# PROBLEM DETAILS
Look through the material below and give the number of lines where the string "symbol" appears, without any other words.

# LISTED ENTRIES
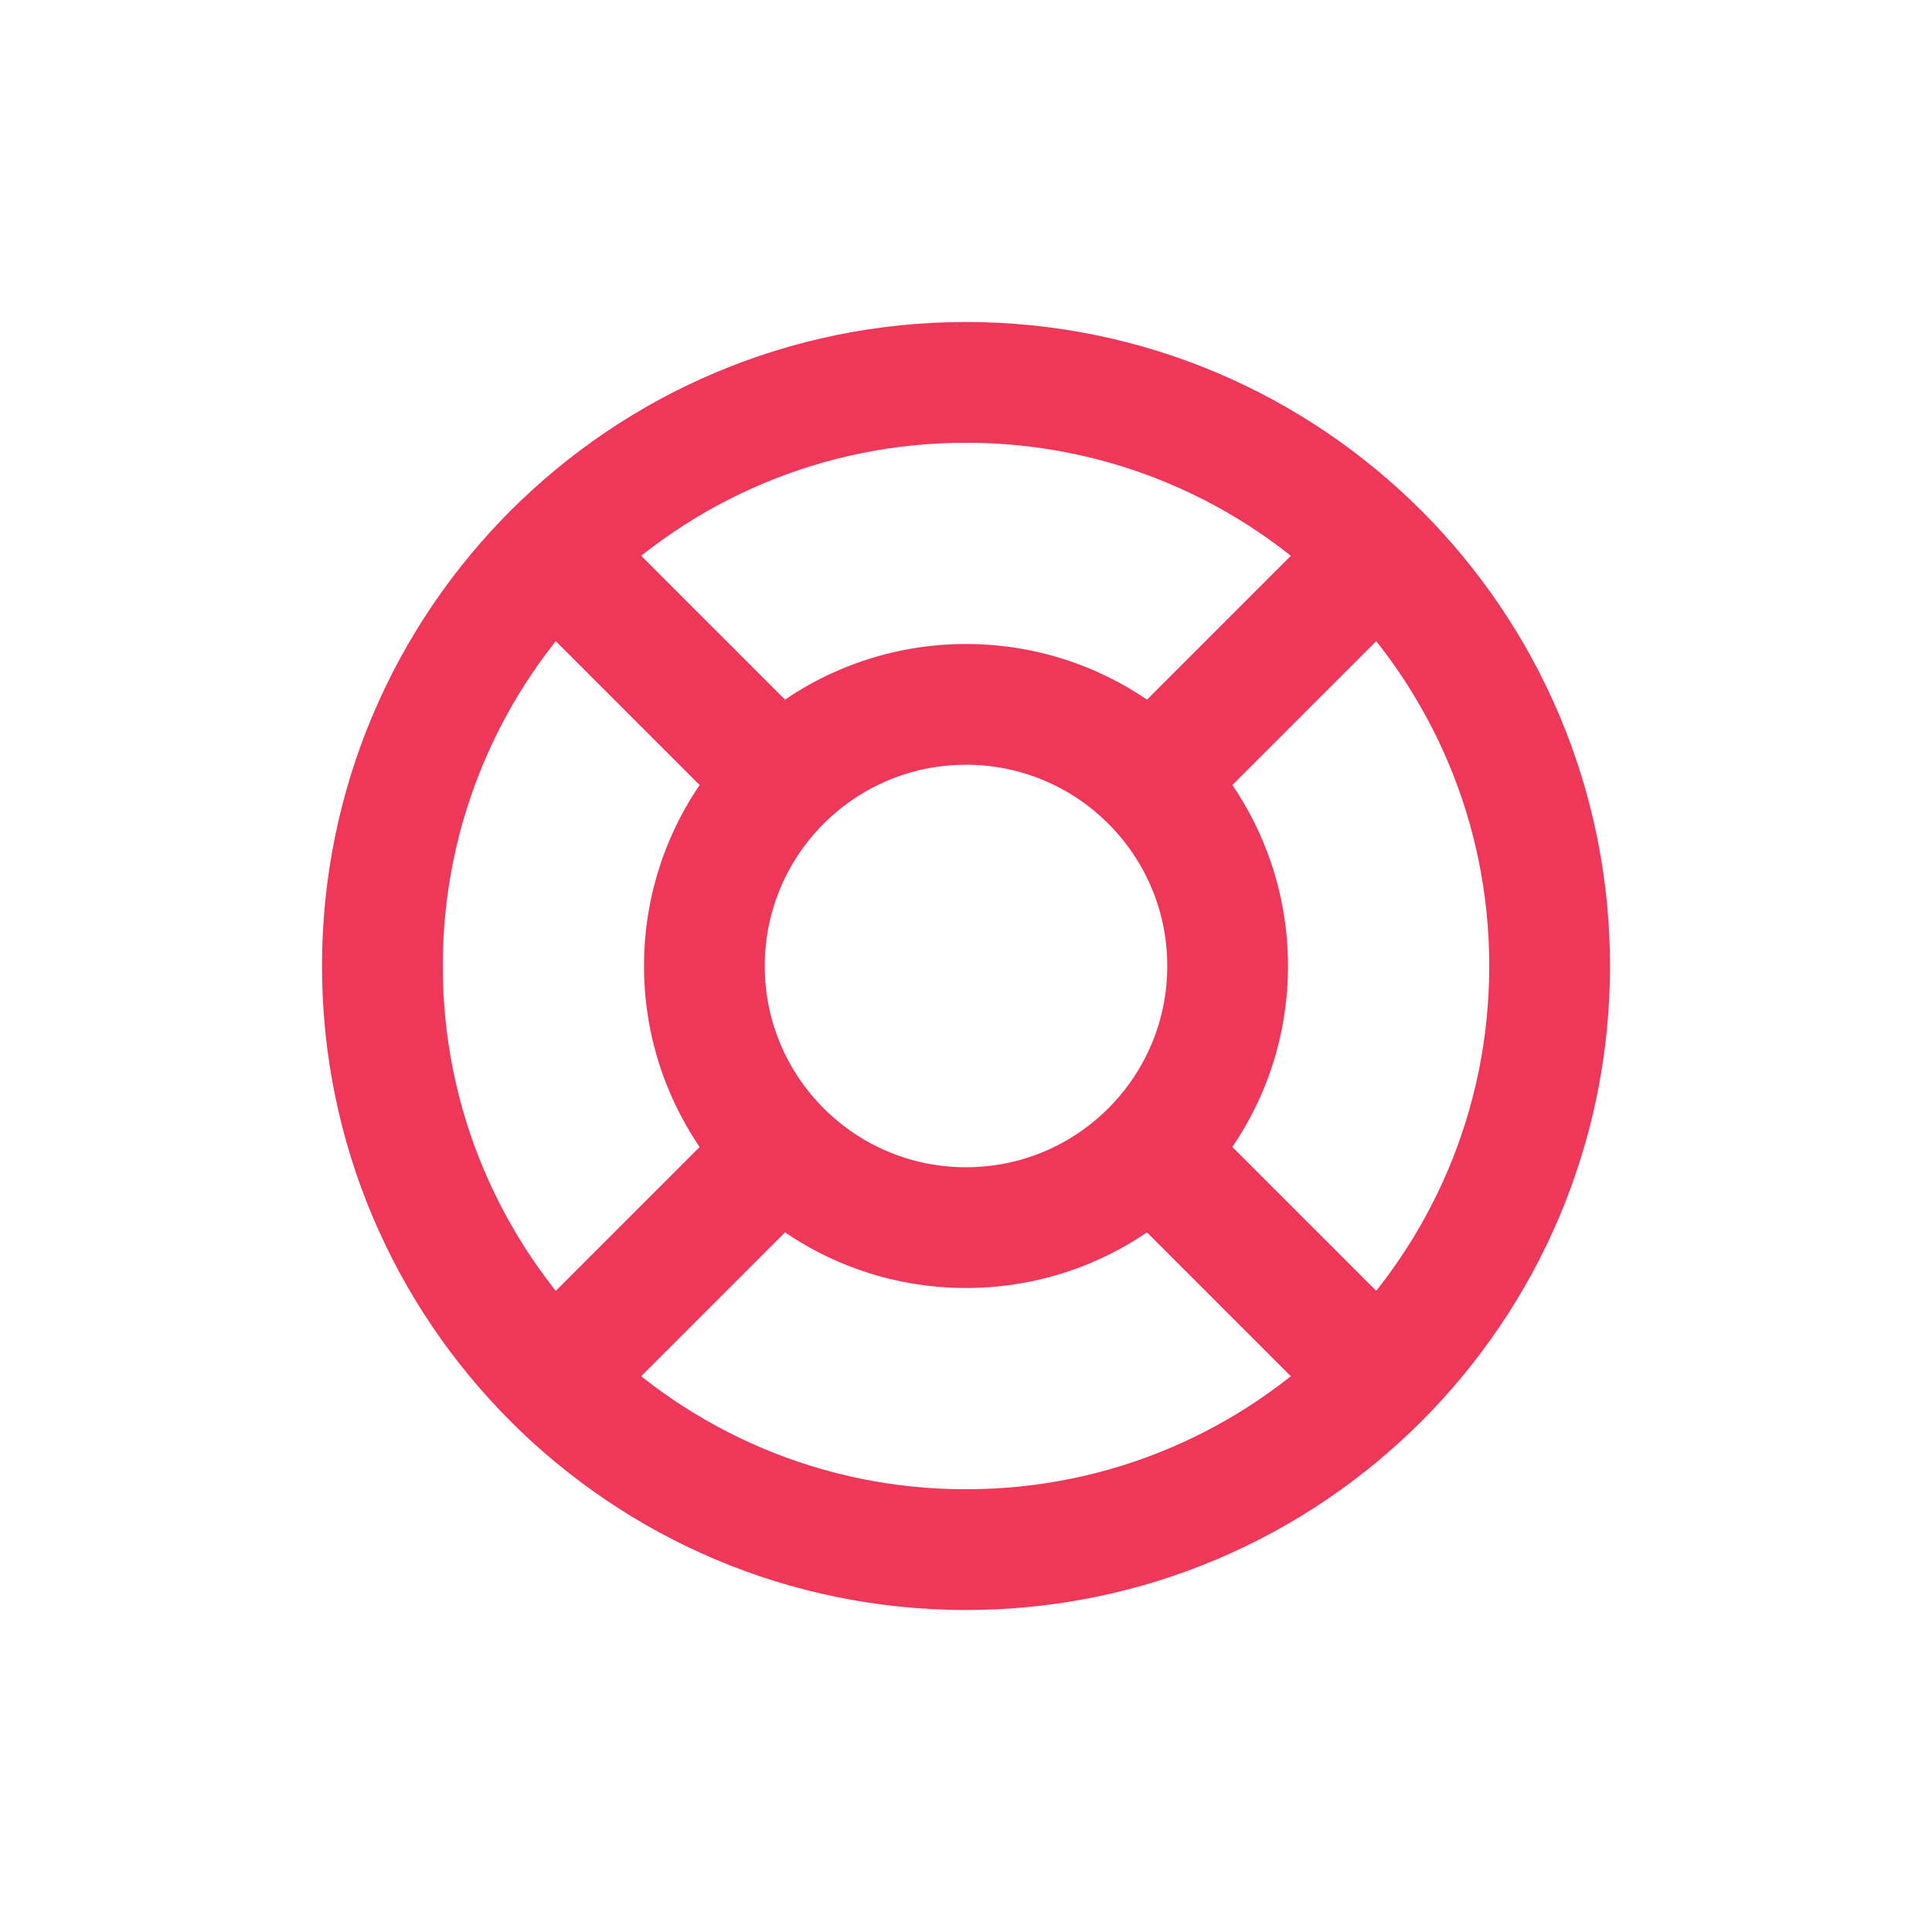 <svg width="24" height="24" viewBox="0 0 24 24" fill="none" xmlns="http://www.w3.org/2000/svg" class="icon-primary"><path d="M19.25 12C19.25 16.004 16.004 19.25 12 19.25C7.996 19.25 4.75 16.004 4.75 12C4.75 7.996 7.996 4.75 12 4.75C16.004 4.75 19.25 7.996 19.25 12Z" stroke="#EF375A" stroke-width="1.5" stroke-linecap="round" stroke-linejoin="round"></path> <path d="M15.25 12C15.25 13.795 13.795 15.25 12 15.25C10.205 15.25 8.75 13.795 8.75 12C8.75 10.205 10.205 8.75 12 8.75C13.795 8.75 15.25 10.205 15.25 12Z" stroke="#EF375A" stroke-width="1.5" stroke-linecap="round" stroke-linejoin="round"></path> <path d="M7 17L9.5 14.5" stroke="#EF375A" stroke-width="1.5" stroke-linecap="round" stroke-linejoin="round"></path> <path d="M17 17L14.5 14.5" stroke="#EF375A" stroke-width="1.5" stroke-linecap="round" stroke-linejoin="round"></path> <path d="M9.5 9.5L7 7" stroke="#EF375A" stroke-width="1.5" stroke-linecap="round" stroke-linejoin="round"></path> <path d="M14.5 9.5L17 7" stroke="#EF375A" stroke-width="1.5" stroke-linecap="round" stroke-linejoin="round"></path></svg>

==

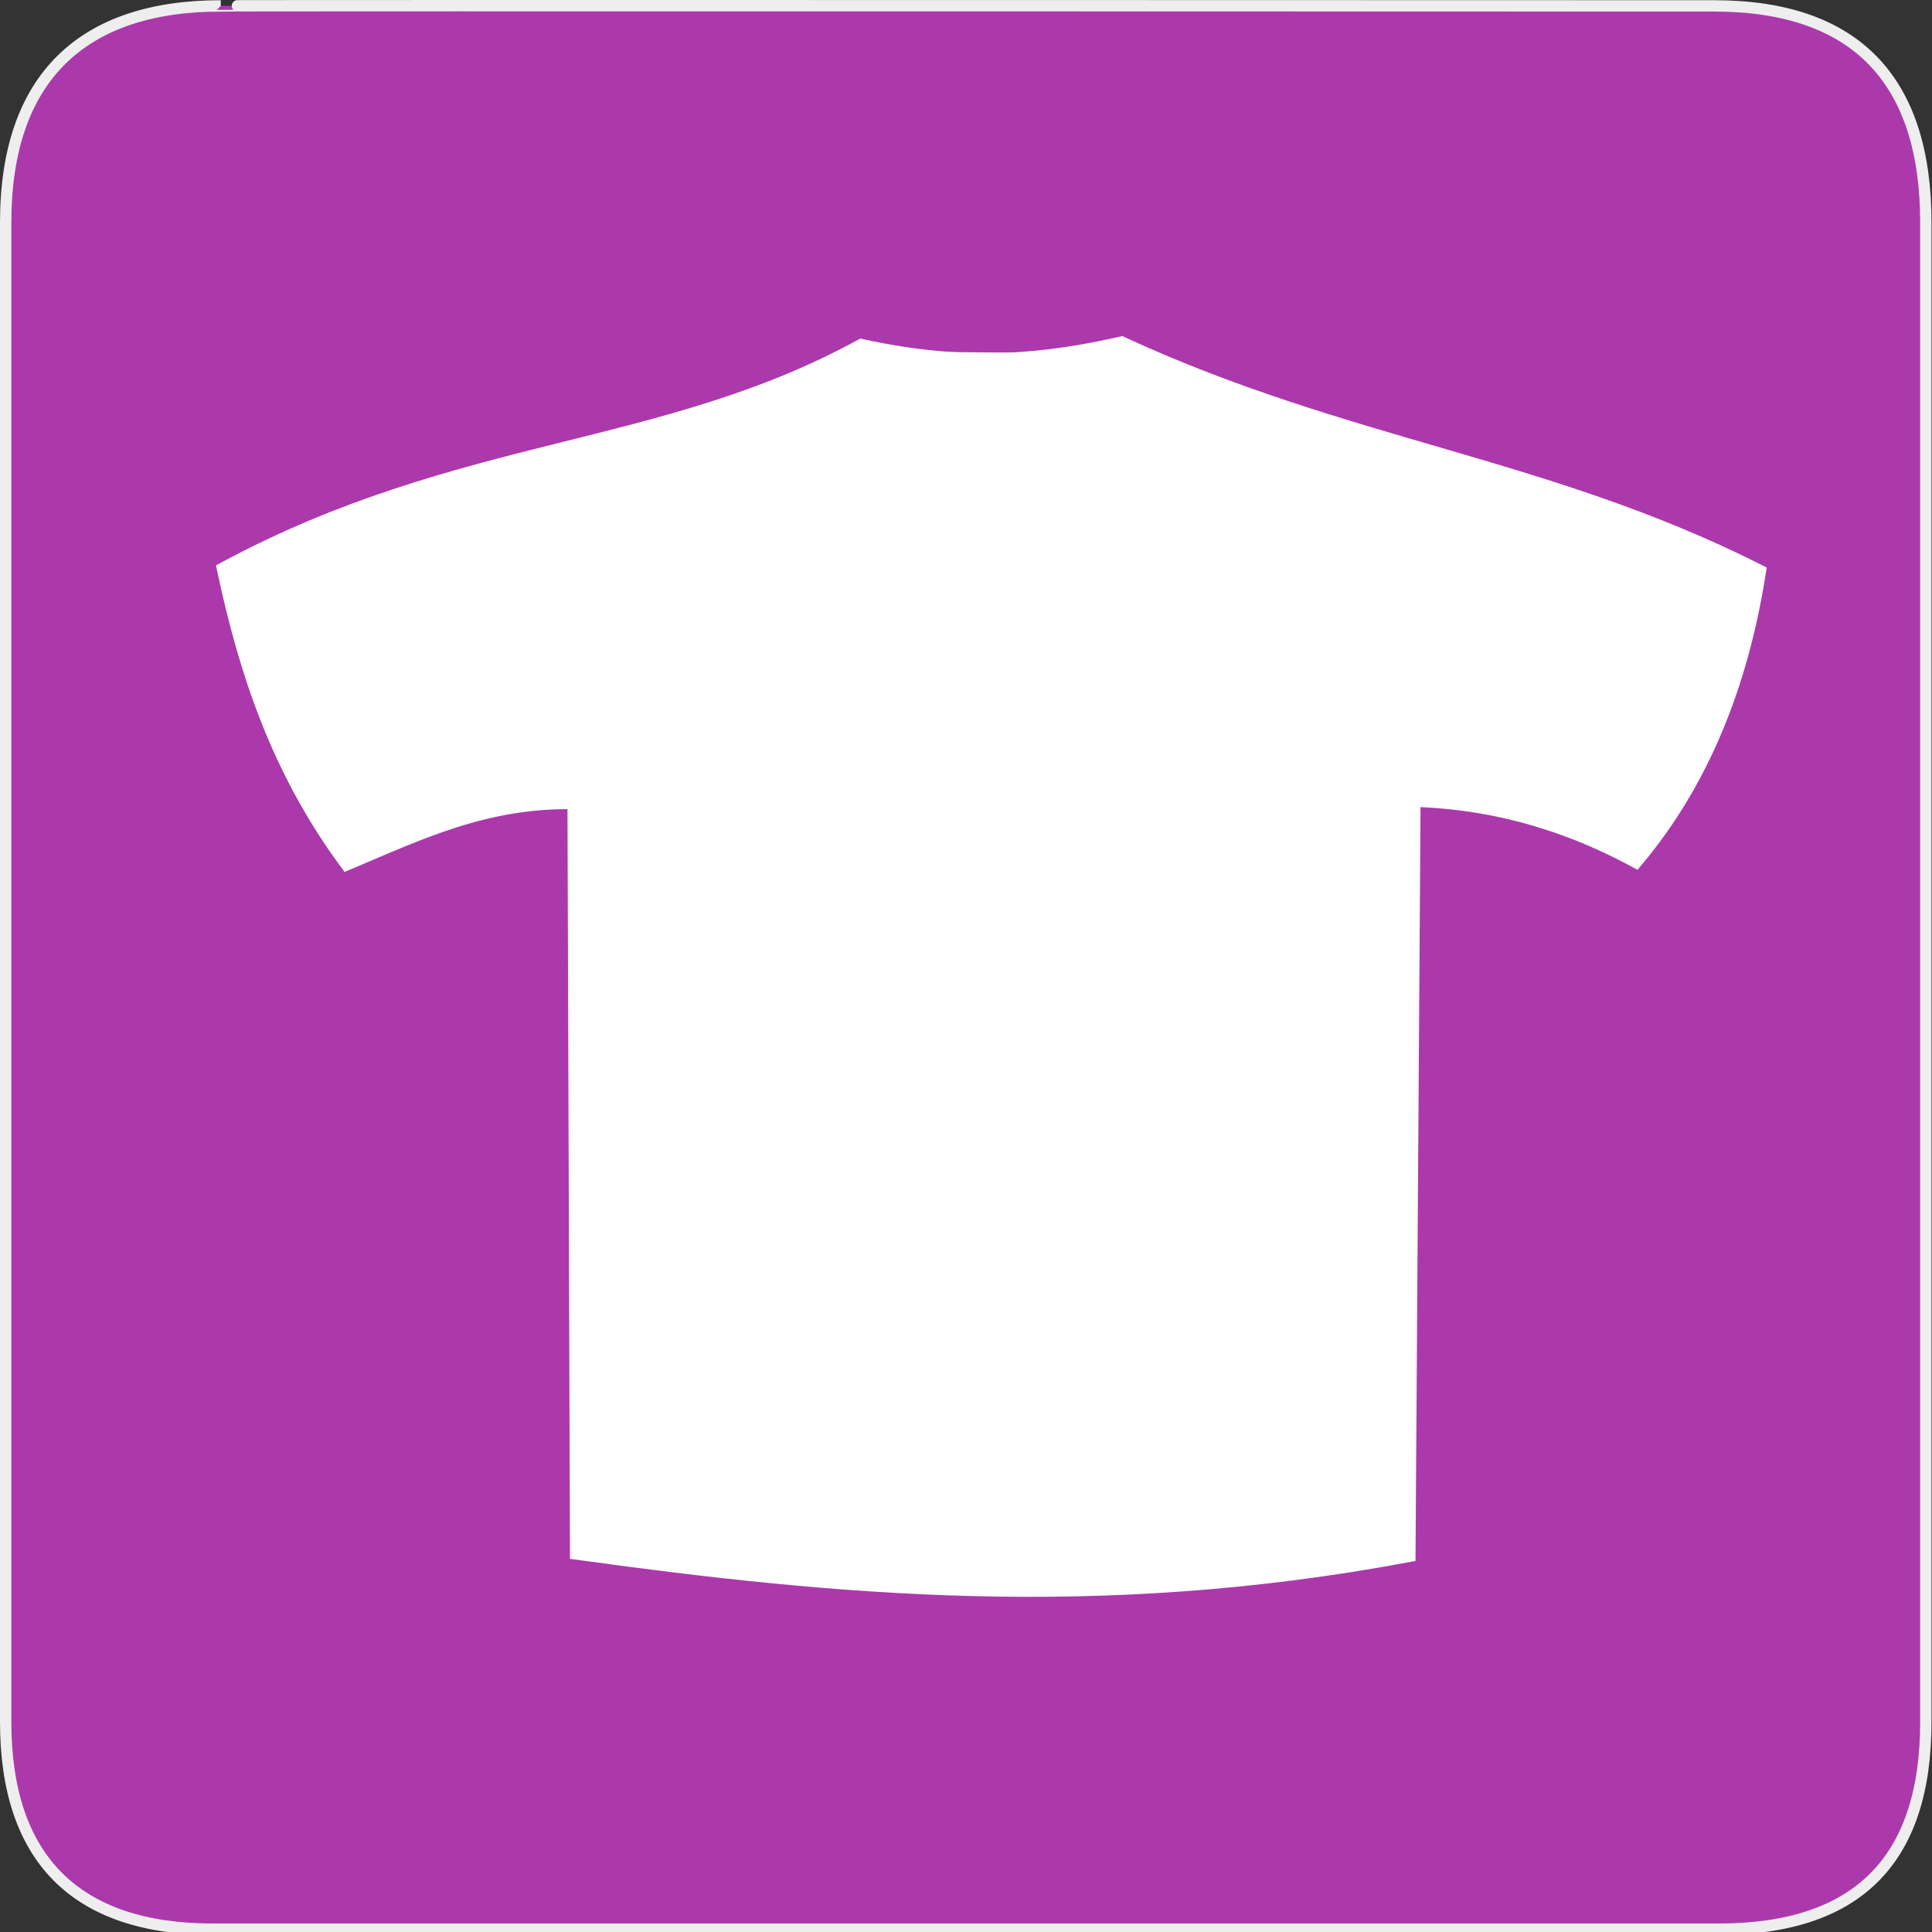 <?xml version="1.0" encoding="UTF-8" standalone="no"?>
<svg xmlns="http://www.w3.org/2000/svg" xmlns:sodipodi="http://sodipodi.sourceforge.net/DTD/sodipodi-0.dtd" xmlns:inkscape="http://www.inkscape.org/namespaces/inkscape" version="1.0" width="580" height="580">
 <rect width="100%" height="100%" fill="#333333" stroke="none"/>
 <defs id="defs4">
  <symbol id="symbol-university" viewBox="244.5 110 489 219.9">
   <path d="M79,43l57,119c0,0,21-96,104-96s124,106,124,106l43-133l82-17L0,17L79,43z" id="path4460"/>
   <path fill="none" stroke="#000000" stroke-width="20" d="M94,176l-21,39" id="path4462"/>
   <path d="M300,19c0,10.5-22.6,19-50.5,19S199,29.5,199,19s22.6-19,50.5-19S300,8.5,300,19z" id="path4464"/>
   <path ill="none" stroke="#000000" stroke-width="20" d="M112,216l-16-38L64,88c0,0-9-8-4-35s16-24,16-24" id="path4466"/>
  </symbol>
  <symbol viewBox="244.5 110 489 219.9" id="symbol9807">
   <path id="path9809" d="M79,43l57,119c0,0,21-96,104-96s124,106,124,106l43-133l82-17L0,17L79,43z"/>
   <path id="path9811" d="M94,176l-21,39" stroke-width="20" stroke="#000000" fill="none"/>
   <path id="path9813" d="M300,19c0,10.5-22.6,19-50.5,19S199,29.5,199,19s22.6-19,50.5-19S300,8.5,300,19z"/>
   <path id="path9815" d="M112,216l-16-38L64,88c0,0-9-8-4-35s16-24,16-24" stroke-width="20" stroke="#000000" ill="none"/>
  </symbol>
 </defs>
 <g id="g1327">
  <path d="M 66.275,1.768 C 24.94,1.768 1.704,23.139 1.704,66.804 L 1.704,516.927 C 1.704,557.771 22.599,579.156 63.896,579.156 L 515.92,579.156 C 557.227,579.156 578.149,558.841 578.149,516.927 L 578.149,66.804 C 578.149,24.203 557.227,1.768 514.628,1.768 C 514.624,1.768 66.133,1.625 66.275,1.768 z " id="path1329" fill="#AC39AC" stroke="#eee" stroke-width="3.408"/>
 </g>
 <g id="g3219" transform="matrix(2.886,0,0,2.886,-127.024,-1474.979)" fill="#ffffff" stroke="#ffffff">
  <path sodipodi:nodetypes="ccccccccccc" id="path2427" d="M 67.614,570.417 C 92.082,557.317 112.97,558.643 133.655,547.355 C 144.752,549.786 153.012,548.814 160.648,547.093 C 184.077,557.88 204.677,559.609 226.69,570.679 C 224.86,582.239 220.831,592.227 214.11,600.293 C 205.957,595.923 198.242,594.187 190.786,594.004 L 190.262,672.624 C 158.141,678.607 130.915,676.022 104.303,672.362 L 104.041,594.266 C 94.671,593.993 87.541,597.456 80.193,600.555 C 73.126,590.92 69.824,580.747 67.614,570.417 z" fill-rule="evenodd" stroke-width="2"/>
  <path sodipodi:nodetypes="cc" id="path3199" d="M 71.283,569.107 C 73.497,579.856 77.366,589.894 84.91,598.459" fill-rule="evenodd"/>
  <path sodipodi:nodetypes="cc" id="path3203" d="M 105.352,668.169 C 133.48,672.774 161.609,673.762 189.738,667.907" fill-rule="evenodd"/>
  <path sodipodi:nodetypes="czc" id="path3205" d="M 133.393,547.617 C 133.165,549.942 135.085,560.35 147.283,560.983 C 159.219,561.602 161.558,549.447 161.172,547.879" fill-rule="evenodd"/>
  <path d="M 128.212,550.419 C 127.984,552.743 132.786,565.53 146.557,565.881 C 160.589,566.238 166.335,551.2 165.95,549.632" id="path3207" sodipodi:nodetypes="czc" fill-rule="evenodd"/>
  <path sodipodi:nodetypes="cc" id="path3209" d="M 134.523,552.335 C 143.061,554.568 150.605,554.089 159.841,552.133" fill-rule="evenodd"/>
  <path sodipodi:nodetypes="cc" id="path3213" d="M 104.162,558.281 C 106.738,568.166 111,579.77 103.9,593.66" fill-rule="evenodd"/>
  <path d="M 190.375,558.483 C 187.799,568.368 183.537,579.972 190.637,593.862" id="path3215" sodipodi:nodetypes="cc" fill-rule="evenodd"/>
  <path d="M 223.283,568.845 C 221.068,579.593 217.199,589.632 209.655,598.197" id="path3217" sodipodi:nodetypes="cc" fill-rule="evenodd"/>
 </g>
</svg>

# ANSWER BOX
4